Bases: hessianfree.loss_funcs.LossFunction

Imposes L1 sparsity constraint on nonlinearity activations.

Parameters:	weight (float) – relative weight of sparsity constraint layers (list) – indices specifying which layers will have the sparsity constraint applied (defaults to all except first/last layers) target (float) – target activation level for nonlinearities

class hessianfree.loss_funcs.SparseL2(weight, layers=None, target=0.0)[source]¶

Bases: hessianfree.loss_funcs.LossFunction

Imposes L2 sparsity constraint on nonlinearity activations.

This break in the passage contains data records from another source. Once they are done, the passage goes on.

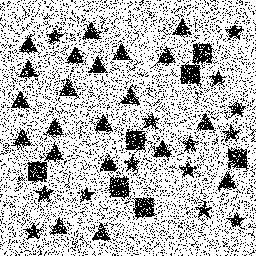
Squares: 7
Triangles: 21
Stars: 14
Total shapes: 42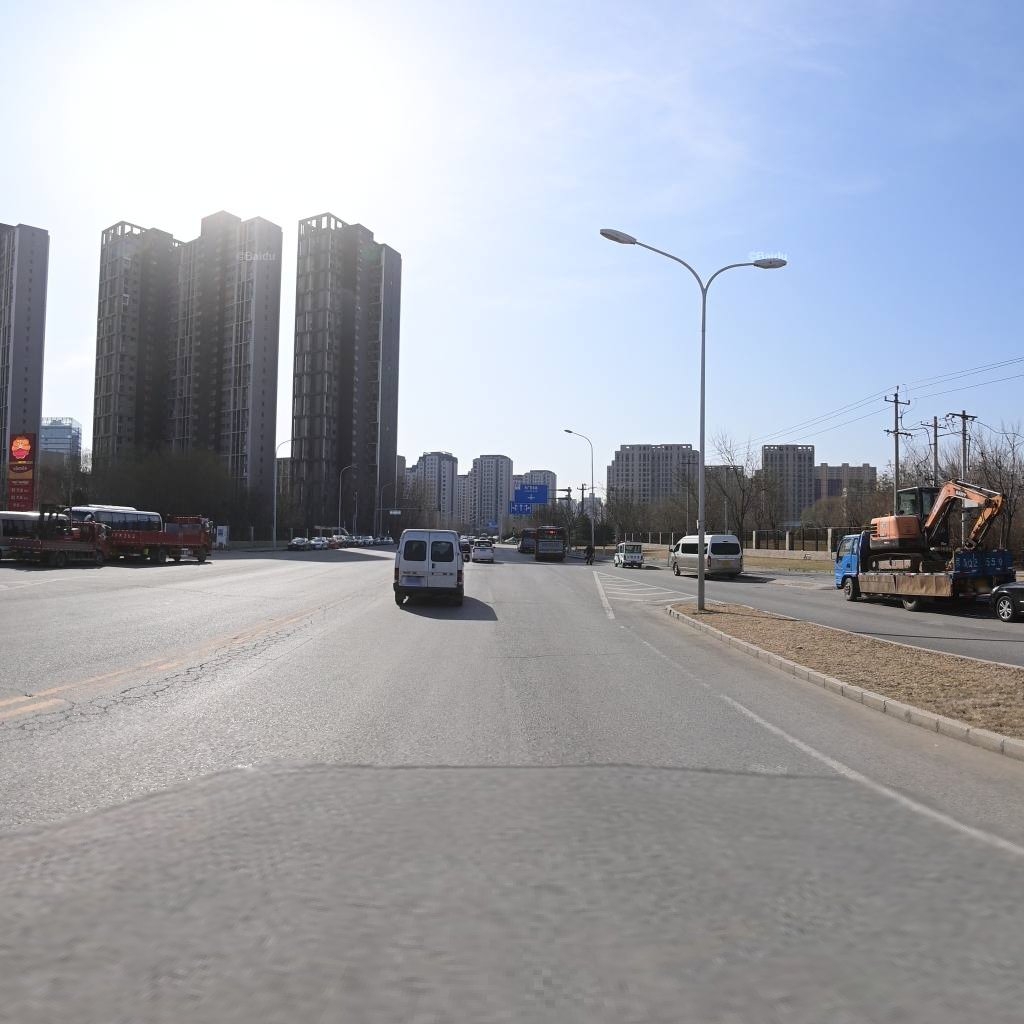
Region: Chaoyang
Road damage annotations: transverse crack, alligator crack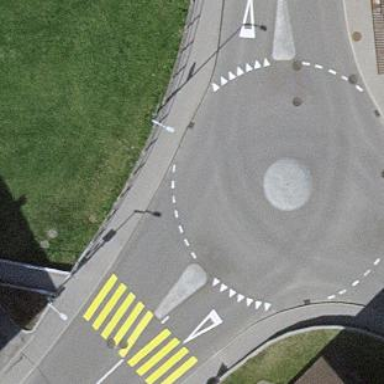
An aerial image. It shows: Tertiary road leading to roundabout.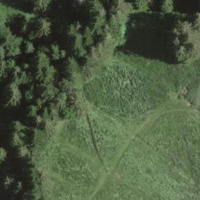
EUNIS habitat code: 25
Species observed at this site:
Cardamine pratensis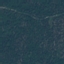
Land use / land cover: Forest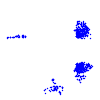
Particle: electron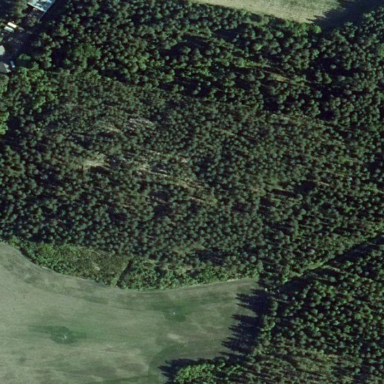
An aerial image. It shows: Forest area.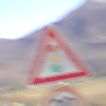
Verkehrszeichen: Lichtzeichenanlage
Zusatzzeichen unten: Geschwindigkeit30
Umgebung: Outdoor, Nature
Tageszeit: Midday
Wetter: Clear
Licht: Natural
Jahreszeit: NotSpecified
Kontrast: HighContrast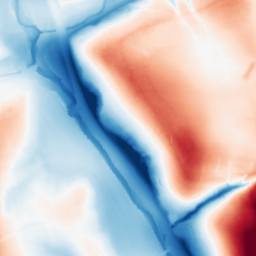
Category: classical
Decomposition family: gaussian_anisotropic
Decomposition parameters: sigma_x: 50
sigma_y: 10
Upsampling method: linear_exact
Upsampling parameters: scale: 8
Upsampling scale: 8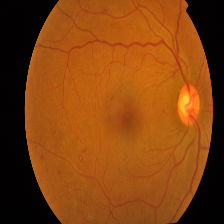
Diabetic retinopathy grade: Proliferative DR

Parameters:	weight (float) – relative weight of sparsity constraint layers (list) – indices specifying which layers will have the sparsity constraint applied (defaults to all except first/last layers) target (float) – target activation level for nonlinearities

class hessianfree.loss_funcs.LossSet(set)[source]¶

Bases: hessianfree.loss_funcs.LossFunction

Combines several loss functions into one (e.g., combining SquaredError and SparseL2). It doesn’t need to be created directly; a list of loss functions can be passed to FFNet/RNNet and a LossSet will be created automatically.

Parameters:	set (list) – list of `LossFunction`

group_func(func_name, activities, targets)[source]¶: Computes the given function for each LossFunction in the set, and sums the result.